Intended for use from within the constructTagAt(Source, int pos) method.

Parameters:
source - the Source document.
begin - the character position in the source document where the tag begins.
end - the character position in the source document where the tag ends.
name - the name of the tag.
attributes - the attributes of the tag.
Returns:
the new StartTag object.

getCorrespondingEndTagType

public final EndTagType getCorrespondingEndTagType()
Returns:
the type of end tag required to pair with a start tag of this type to form an Element.

hasAttributes

public final boolean hasAttributes()
Indicates whether a start tag of this type contains attributes.
(property method)

The attributes start at the end of the name and continue until the closing delimiter is encountered.
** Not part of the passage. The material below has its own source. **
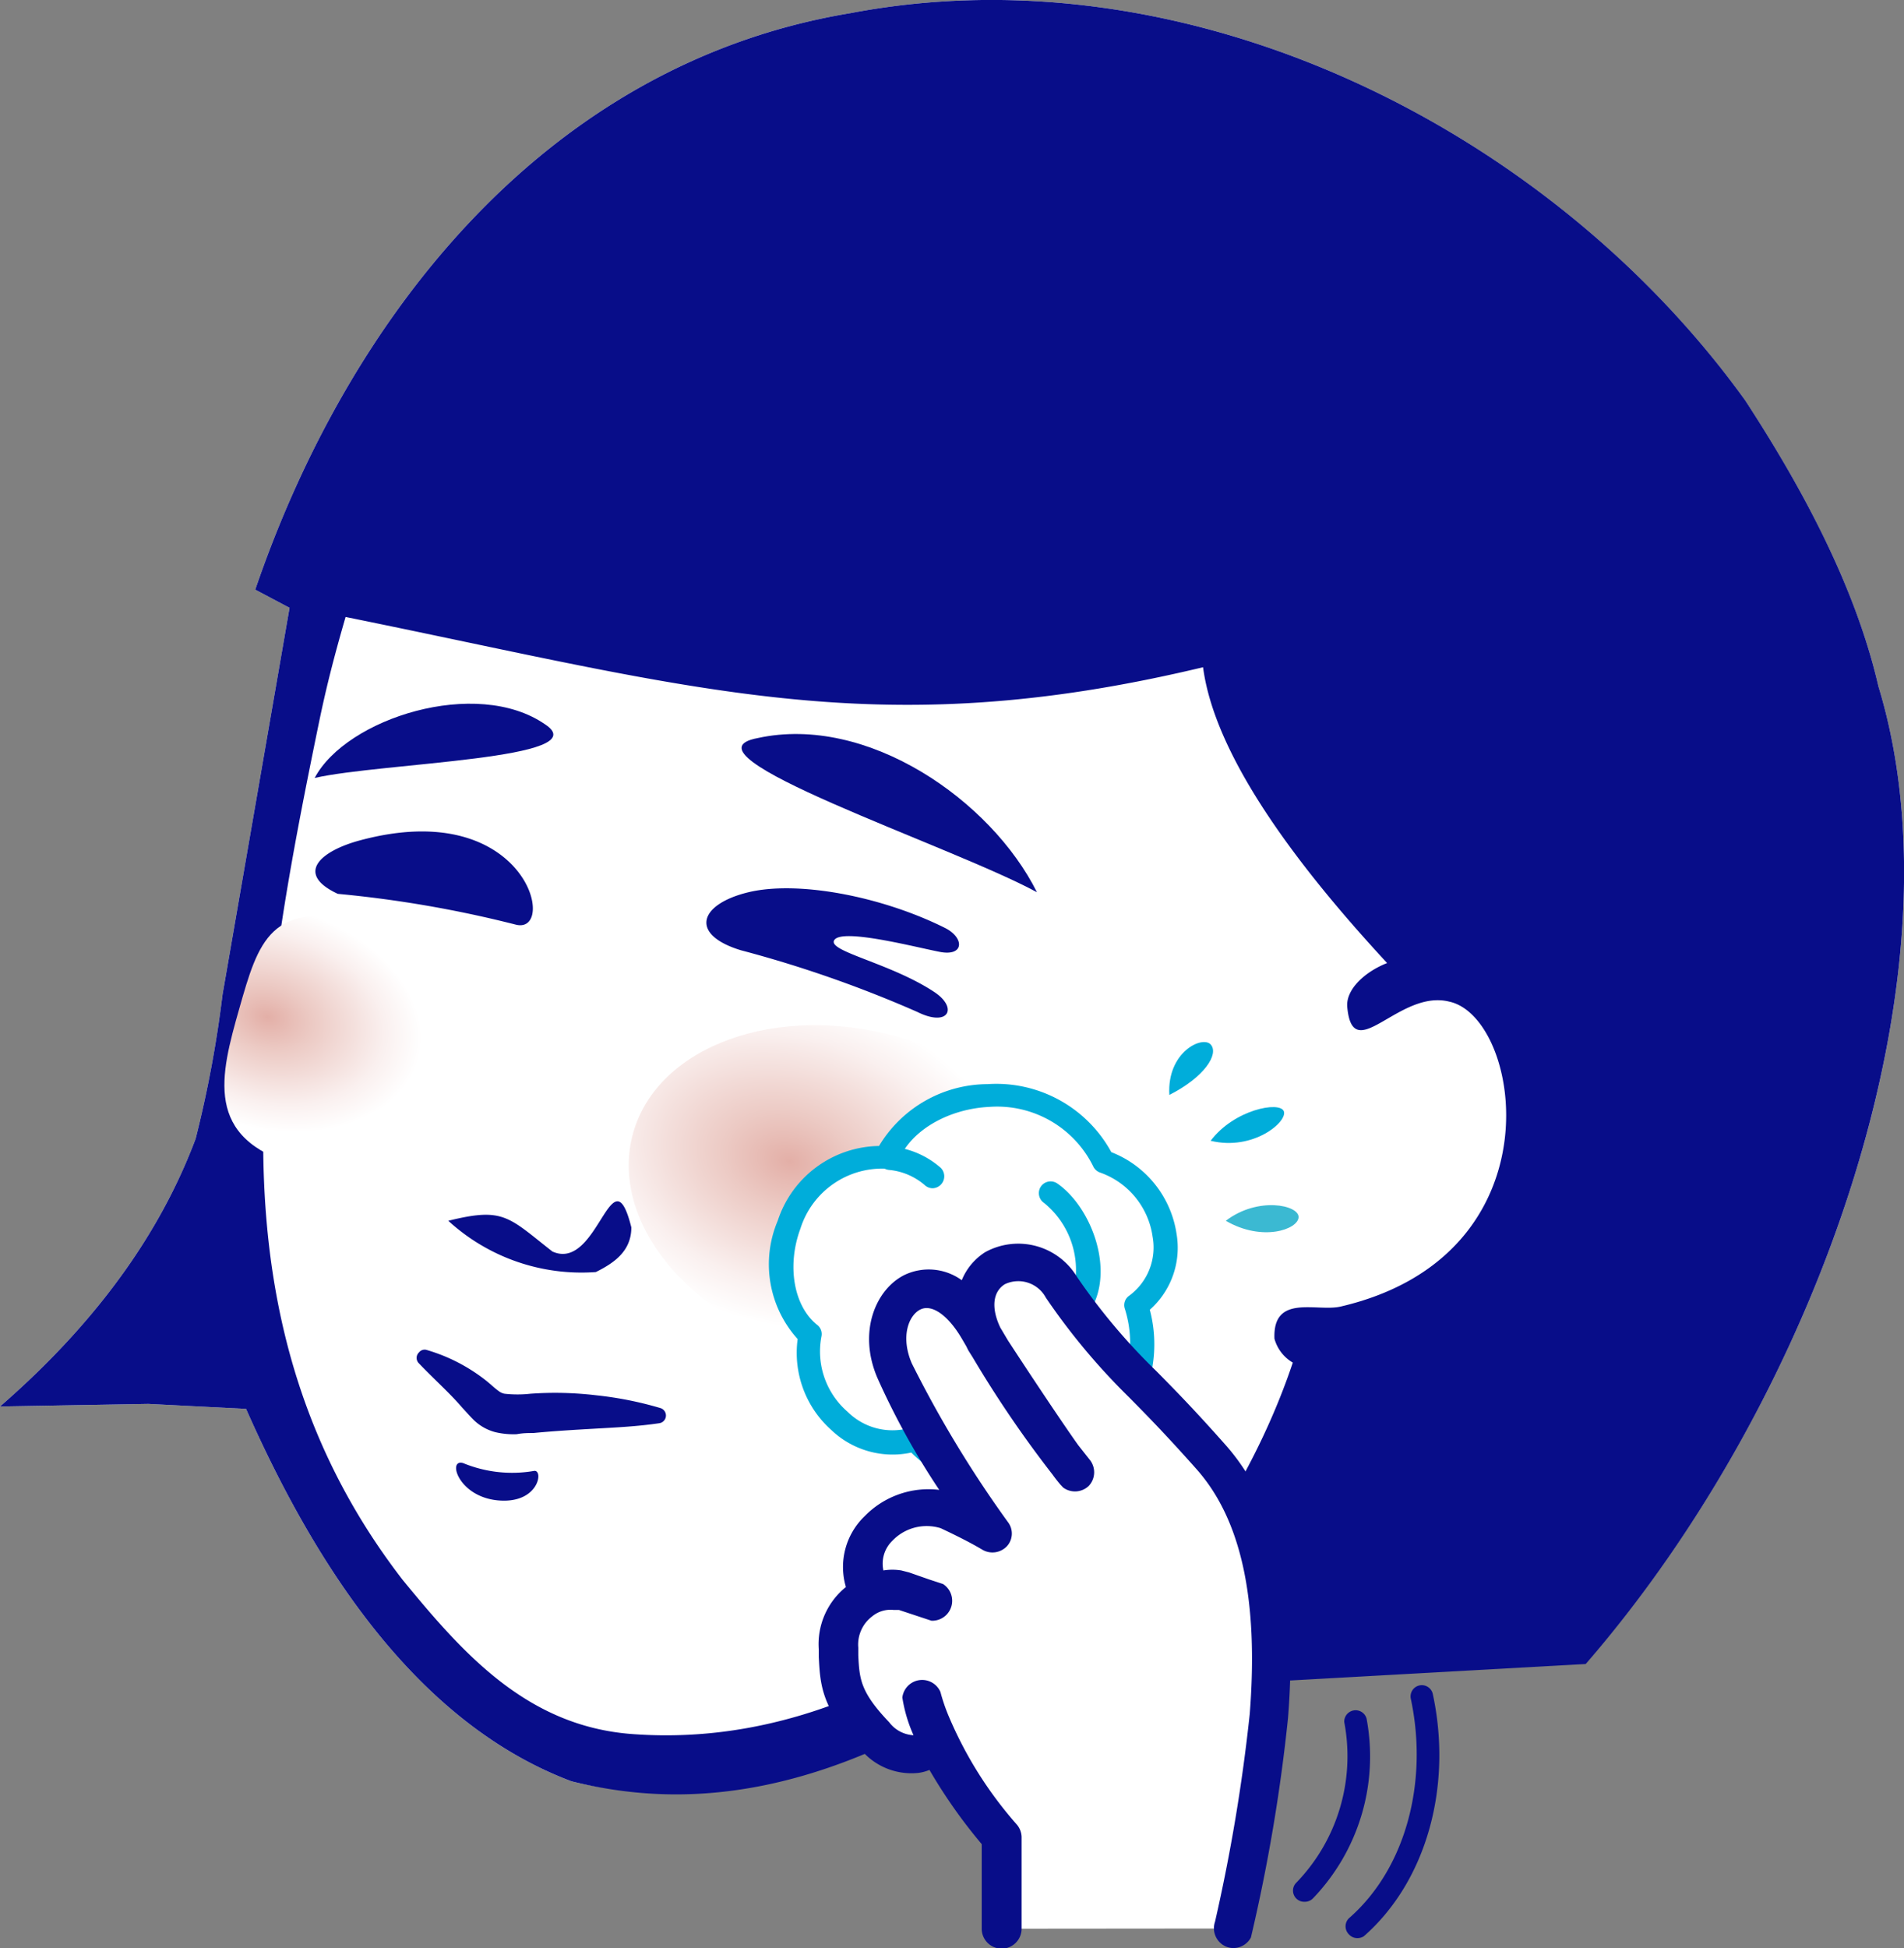 <svg xmlns="http://www.w3.org/2000/svg" xmlns:xlink="http://www.w3.org/1999/xlink" viewBox="0 0 95.48 97.66"><rect x="0" y="0" width="95.48" height="97.66" fill="#808080" stroke="none"/><defs><style>.cls-1{isolation:isolate;}.cls-2{fill:#fff;}.cls-3{fill:#080d89;}.cls-4,.cls-5{mix-blend-mode:multiply;}.cls-4{fill:url(#名称未設定グラデーション_9);}.cls-5{fill:url(#名称未設定グラデーション_9-2);}.cls-6{fill:#00adda;}.cls-7{fill:#3bb9d2;}</style><radialGradient id="名称未設定グラデーション_9" cx="624.96" cy="912.27" r="11.27" gradientTransform="matrix(0.99, 0.28, -0.2, 0.7, -396.66, -755.36)" gradientUnits="userSpaceOnUse"><stop offset="0" stop-color="#e3afa7"/><stop offset="0.29" stop-color="#eccac4"/><stop offset="0.76" stop-color="#faf0ef"/><stop offset="1" stop-color="#fff"/></radialGradient><radialGradient id="名称未設定グラデーション_9-2" cx="598.56" cy="912.51" r="7.64" xlink:href="#名称未設定グラデーション_9"/></defs><g class="cls-1"><g id="レイヤー_2" data-name="レイヤー 2"><g id="レイヤー_1-2" data-name="レイヤー 1"><path class="cls-2" d="M94.2,34.43c-1.14-4.94-3.75-9.85-6.68-14.34C77.78,6.54,59.73-2.6,42.64.66,27.29,3.21,17.43,16,12.8,29.56l1.72.91L11.16,49.86a58.13,58.13,0,0,1-1.35,7.23C8.51,60.54,5.93,65.36,0,70.51l7.44-.13,4.9.25c3.4,7.69,8.47,15.72,16.32,18.67,4.38,1.08,11.45.82,18.94-3.5,1.51-.87,2.67-.83,6.63-1l25.29-1.41C91.24,69.91,98.59,48.82,94.2,34.43Z"/><path class="cls-3" d="M17.33,30.93c17.56,3.56,26.57,6.45,43,2.52.61,4.63,5,10.26,9.23,14.83-1.08.42-2.07,1.3-2,2.19.27,3.05,2.58-.88,5.1-.26,3.65.75,5.6,12.72-5.43,15.29-1.19.28-3.41-.66-3.32,1.61a2,2,0,0,0,.92,1.2C63.26,73,60.14,78.68,54.23,84.83l25.29-1.41c11.72-13.51,19.07-34.6,14.68-49-1.14-4.94-3.75-9.85-6.68-14.34C77.78,6.54,59.73-2.6,42.64.66,27.29,3.21,17.43,16,12.8,29.56l1.72.91L11.16,49.86a58.13,58.13,0,0,1-1.35,7.23C8.51,60.54,5.93,65.36,0,70.51l7.44-.13,4.9.25c3.4,7.69,8.47,15.72,16.32,18.67,5.15,1.27,12.88,1.47,23.85-6.75A10.28,10.28,0,0,0,54,81.15c1-1.2-.27-3-1.63-2-6.15,5-13,8.36-20.69,7.78-5.27-.4-8.48-4.06-11.49-7.73-9.92-12.84-7.28-28-4.19-43C16.36,34.46,16.75,32.93,17.33,30.93Z"/><path class="cls-3" d="M31.66,61.53c0,1.17-.83,1.77-1.78,2.24a9.89,9.89,0,0,1-7.4-2.57c2.78-.69,3-.2,5.22,1.54C30,63.78,30.68,57.64,31.66,61.53Z"/><path class="cls-4" d="M54.07,63c-1.22,4.39-7.21,6.56-13.38,4.84S30.52,61.19,31.75,56.8,39,50.25,45.12,52,55.29,58.64,54.07,63Z"/><path class="cls-5" d="M25.06,54.73c-.93,3.34-5.49,5-10.18,3.68S11.05,53.9,12,50.56s1.57-5.55,6.27-4.25S26,51.39,25.06,54.73Z"/><path class="cls-2" d="M55.35,58.23c3.14,1.09,4.23,5.35,1.61,7.21a6.25,6.25,0,0,1-1.61,6.43c-2.81,2.63-7.06,3-9.46.28-2.9,1-6-2.18-5.27-5.24-2.86-2.26-1.31-9.09,3.88-8.87C45.89,54.48,52.87,53.28,55.35,58.23Z"/><path class="cls-6" d="M50.16,74.62h-.35a6.09,6.09,0,0,1-4.11-1.8,4.45,4.45,0,0,1-4-1.12A5.18,5.18,0,0,1,40,67.13,5.59,5.59,0,0,1,39,61.2a5.43,5.43,0,0,1,5.08-3.75,6.38,6.38,0,0,1,5.44-3.1,6.57,6.57,0,0,1,6.21,3.41A5.22,5.22,0,0,1,59,61.85a4.15,4.15,0,0,1-1.34,3.81,6.77,6.77,0,0,1-1.88,6.64A8.25,8.25,0,0,1,50.16,74.62Zm-4.27-3.06a.57.57,0,0,1,.44.2,4.9,4.9,0,0,0,3.54,1.68,7,7,0,0,0,5.07-2,5.72,5.72,0,0,0,1.46-5.85.57.57,0,0,1,.22-.63A3,3,0,0,0,57.8,62a4,4,0,0,0-2.64-3.22.59.59,0,0,1-.33-.29,5.37,5.37,0,0,0-5.21-3c-2.1.1-4,1.22-4.57,2.73a.57.57,0,0,1-.58.37,4.3,4.3,0,0,0-4.33,3c-.69,1.86-.34,3.89.84,4.83a.58.58,0,0,1,.21.59,4,4,0,0,0,1.32,3.77,3.19,3.19,0,0,0,3.19.78A.63.63,0,0,1,45.89,71.56Z"/><path class="cls-2" d="M52.69,59.76c1.36,1,2.39,3.52,1.67,5.22"/><path class="cls-6" d="M54.36,65.57a.69.69,0,0,1-.24,0,.6.6,0,0,1-.31-.77,4.34,4.34,0,0,0-1.46-4.5.59.59,0,0,1-.15-.82.59.59,0,0,1,.82-.15c1.58,1.09,2.74,3.92,1.88,5.93A.61.61,0,0,1,54.36,65.57Z"/><path class="cls-2" d="M46.78,59a3.86,3.86,0,0,0-2.14-.92"/><path class="cls-6" d="M46.78,59.57a.59.59,0,0,1-.41-.16,3.18,3.18,0,0,0-1.8-.76.59.59,0,0,1-.52-.65.58.58,0,0,1,.65-.52,4.36,4.36,0,0,1,2.48,1.07.6.6,0,0,1,0,.84A.61.61,0,0,1,46.78,59.57Z"/><path class="cls-6" d="M60.71,57.19c1.18-1.57,3.47-2,3.67-1.48s-1.53,2-3.67,1.48"/><path class="cls-6" d="M58.64,54.89c-.13-2.15,1.67-3,2.08-2.52S60.4,54,58.64,54.89"/><path class="cls-7" d="M61.47,61.2c1.61-1.23,3.67-.79,3.65-.18s-1.81,1.25-3.65.18"/><path class="cls-2" d="M50.34,96.69l0-4.59c-3.78-4.47-4-7.09-4-7.09A10.19,10.19,0,0,0,47,87.23c-.42.83-1.75,1.18-3.08-.22a5.22,5.22,0,0,1-1.83-4.35,2.62,2.62,0,0,1,3.18-2.83c.59.2,1.25.43,1.73.57l-1.73-.57a2.07,2.07,0,0,0-1.59.11c-1.6-3.12,2-5,3.88-4.16.65.31,1.46.71,2.19,1.14a56.89,56.89,0,0,1-4.94-8.21c-1.39-3.33,1.86-6.17,4.24-2.08a54.81,54.81,0,0,0,4.84,7.2c-.44-.35-4.4-6.41-4.5-6.58-1.9-3.51,1.91-5.39,3.81-2.73C56.44,69,56.64,68.39,60.74,73c2.89,3.26,3.27,8.2,2.89,13a88,88,0,0,1-1.8,10.68"/><path class="cls-3" d="M61.83,97.66a1,1,0,0,1-.34-.07,1,1,0,0,1-.56-1.25,89.06,89.06,0,0,0,1.74-10.41c.45-5.72-.42-9.74-2.66-12.27-1.58-1.78-2.58-2.79-3.38-3.6a32.8,32.8,0,0,1-4.18-5,1.57,1.57,0,0,0-2.06-.68c-.61.38-.69,1.2-.23,2.17l.38.64c.72,1.11,2.59,3.94,3.53,5.26l.6.76a1,1,0,0,1-.07,1.28,1,1,0,0,1-1.29.08l-.14-.15h0v0c-.1-.12-.24-.29-.39-.5a56.11,56.11,0,0,1-4-5.87l-.22-.35-.11-.22-.21-.36c-.69-1.18-1.51-1.76-2.09-1.47s-1,1.35-.43,2.69a57,57,0,0,0,4.85,8,.94.94,0,0,1-.09,1.19,1,1,0,0,1-1.2.17c-.57-.34-1.26-.69-2.11-1.09a2.38,2.38,0,0,0-2.42.63,1.6,1.6,0,0,0-.45,1.49,2.77,2.77,0,0,1,.9,0l.39.1,1,.35.7.23a1,1,0,0,1-.58,1.84l-1.63-.54-.12,0-.15,0a1.43,1.43,0,0,0-1.07.32,1.77,1.77,0,0,0-.7,1.57l0,.39c.06,1.18.1,1.83,1.55,3.35a1.63,1.63,0,0,0,1.22.65,7.35,7.35,0,0,1-.56-1.89,1,1,0,0,1,1.91-.28A9,9,0,0,0,47.56,86,19.85,19.85,0,0,0,51,91.48a1,1,0,0,1,.23.62l0,4.59a1,1,0,0,1-1,1h0a1,1,0,0,1-1-1l0-4.24a26.24,26.24,0,0,1-2.62-3.72,2.18,2.18,0,0,1-.57.15,3.3,3.3,0,0,1-2.91-1.22c-1.94-2-2-3.22-2.07-4.58l0-.37a3.68,3.68,0,0,1,1.36-3.15A3.53,3.53,0,0,1,43.37,76a4.47,4.47,0,0,1,3.73-1.31A37.88,37.88,0,0,1,44,69.08c-1-2.33-.07-4.45,1.35-5.16a2.82,2.82,0,0,1,2.88.26,3,3,0,0,1,1.18-1.41A3.44,3.44,0,0,1,54,64a30.74,30.74,0,0,0,4,4.75c.82.83,1.84,1.86,3.46,3.69,2.6,2.94,3.63,7.42,3.13,13.69a86.9,86.9,0,0,1-1.86,11A1,1,0,0,1,61.83,97.66Z"/><path class="cls-3" d="M23.23,73.35a6.44,6.44,0,0,0,3.55.39c.49-.08.25,1.65-1.78,1.48S22.42,73.1,23.23,73.35Z"/><path class="cls-3" d="M65.41,95.34a.56.56,0,0,1-.43-.93,9.12,9.12,0,0,0,2.43-8.08.57.57,0,0,1,1.12-.17,10.27,10.27,0,0,1-2.68,9A.57.57,0,0,1,65.41,95.34Z"/><path class="cls-3" d="M68.07,97.16a.56.56,0,0,1-.43-.19.57.57,0,0,1,0-.8c2.84-2.47,4-6.81,3.11-11a.56.56,0,1,1,1.1-.25c1,4.64-.32,9.4-3.46,12.15A.58.58,0,0,1,68.07,97.16Z"/><path class="cls-3" d="M25.85,46.35a58.06,58.06,0,0,0-8.91-1.54c-2.15-1-.9-2.14,1.11-2.68C26.45,39.87,28,46.93,25.85,46.35Z"/><path class="cls-3" d="M21.41,67.68a8.75,8.75,0,0,1,3,1.56c.22.18.43.38.59.49a.67.67,0,0,0,.3.14,5.89,5.89,0,0,0,1.3,0,17.43,17.43,0,0,1,3.31.08,17.89,17.89,0,0,1,3.21.64.39.39,0,0,1-.07.76c-1.08.16-2.14.21-3.19.27s-2.08.12-3.11.22c-.26,0-.53,0-.84.06a4,4,0,0,1-1.06-.1,2.43,2.43,0,0,1-1.09-.61c-.25-.25-.4-.43-.58-.62-.64-.75-1.41-1.42-2.17-2.22h0a.38.38,0,0,1,0-.55A.36.36,0,0,1,21.41,67.68Z"/><path class="cls-3" d="M47.37,46.51c1,.49,1,1.45-.24,1.21s-4.83-1.18-5.28-.61,2.78,1.15,5,2.62c1.21.8.72,1.78-.85,1a60.14,60.14,0,0,0-8.84-3.09c-2.58-.78-2.13-2.29.33-2.9S44.15,44.91,47.37,46.51Z"/><path class="cls-3" d="M38,37c5.49-1.2,11.7,3.12,14,7.73C47.68,42.38,33.7,37.8,38,37Z"/><path class="cls-3" d="M27.33,36.31C23.9,33.94,17.37,36,15.78,39,19.15,38.23,30,38.06,27.33,36.31Z"/></g></g></g></svg>

If the character sequence representing the closing delimiter occurs within a quoted attribute value it is not recognised as the end of the tag.

The atEndOfAttributes(Source, int pos, boolean isClosingSlashIgnored) method can be overridden to provide more control over where the attributes end.

Start Tag TypeHas Attributes
UNREGISTEREDfalse
NORMALtrue
COMMENTfalse
XML_DECLARATIONtrue
XML_PROCESSING_INSTRUCTIONfalse
DOCTYPE_DECLARATIONfalse
MARKUP_DECLARATIONfalse
CDATA_SECTIONfalse
SERVER_COMMONfalse
Start Tag TypeHas Attributes
PHPTagTypes.PHP_SCRIPTtrue
PHPTagTypes.PHP_SHORTfalse
PHPTagTypes.PHP_STANDARDfalse
MasonTagTypes.MASON_COMPONENT_CALLfalse
MasonTagTypes.MASON_COMPONENT_CALLED_WITH_CONTENTfalse
MasonTagTypes.MASON_NAMED_BLOCKfalse
Returns:
true if a start tag of this type contains attributes, otherwise false.

isNameAfterPrefixRequired

public final boolean isNameAfterPrefixRequired()
Indicates whether a valid XML tag name is required directly after the prefix.
(property method)

If this property is true, the name of the tag consists of the prefix followed by an XML tag name.

If this property is false, the name of the tag consists of only the prefix.

Start Tag TypeName After Prefix Required
UNREGISTEREDfalse
NORMALtrue
COMMENTfalse
XML_DECLARATIONfalse
XML_PROCESSING_INSTRUCTIONtrue
DOCTYPE_DECLARATIONfalse
MARKUP_DECLARATIONtrue
CDATA_SECTIONfalse
SERVER_COMMONfalse
Start Tag TypeName After Prefix Required
PHPTagTypes.PHP_SCRIPTfalse
PHPTagTypes.PHP_SHORTfalse
PHPTagTypes.PHP_STANDARDfalse
MasonTagTypes.MASON_COMPONENT_CALLfalse
MasonTagTypes.MASON_COMPONENT_CALLED_WITH_CONTENTfalse
MasonTagTypes.MASON_NAMED_BLOCKtrue
Returns:
true if a valid XML tag name is required directly after the prefix, otherwise false.

parseAttributes

protected final Attributes parseAttributes(Source source,
                                           int startTagBegin,
                                           String tagName)
Internal method for the parsing of Attributes.
(implementation assistance method)

Intended for use from within the constructTagAt(Source, int pos) method.

The returned Attributes segment begins at startTagBegin+1+tagName.length(), and ends straight after the last attribute found before the tag's closing delimiter.

Only returns null if the segment contains a major syntactical error or more than the default maximum number of minor syntactical errors.

Parameters:
source - the Source document.
startTagBegin - the position in the source document at which the start tag is to begin.
tagName - the name of the start tag to be constructed.
Returns:
the Attributes of the start tag to be constructed, or null if too many errors occur while parsing.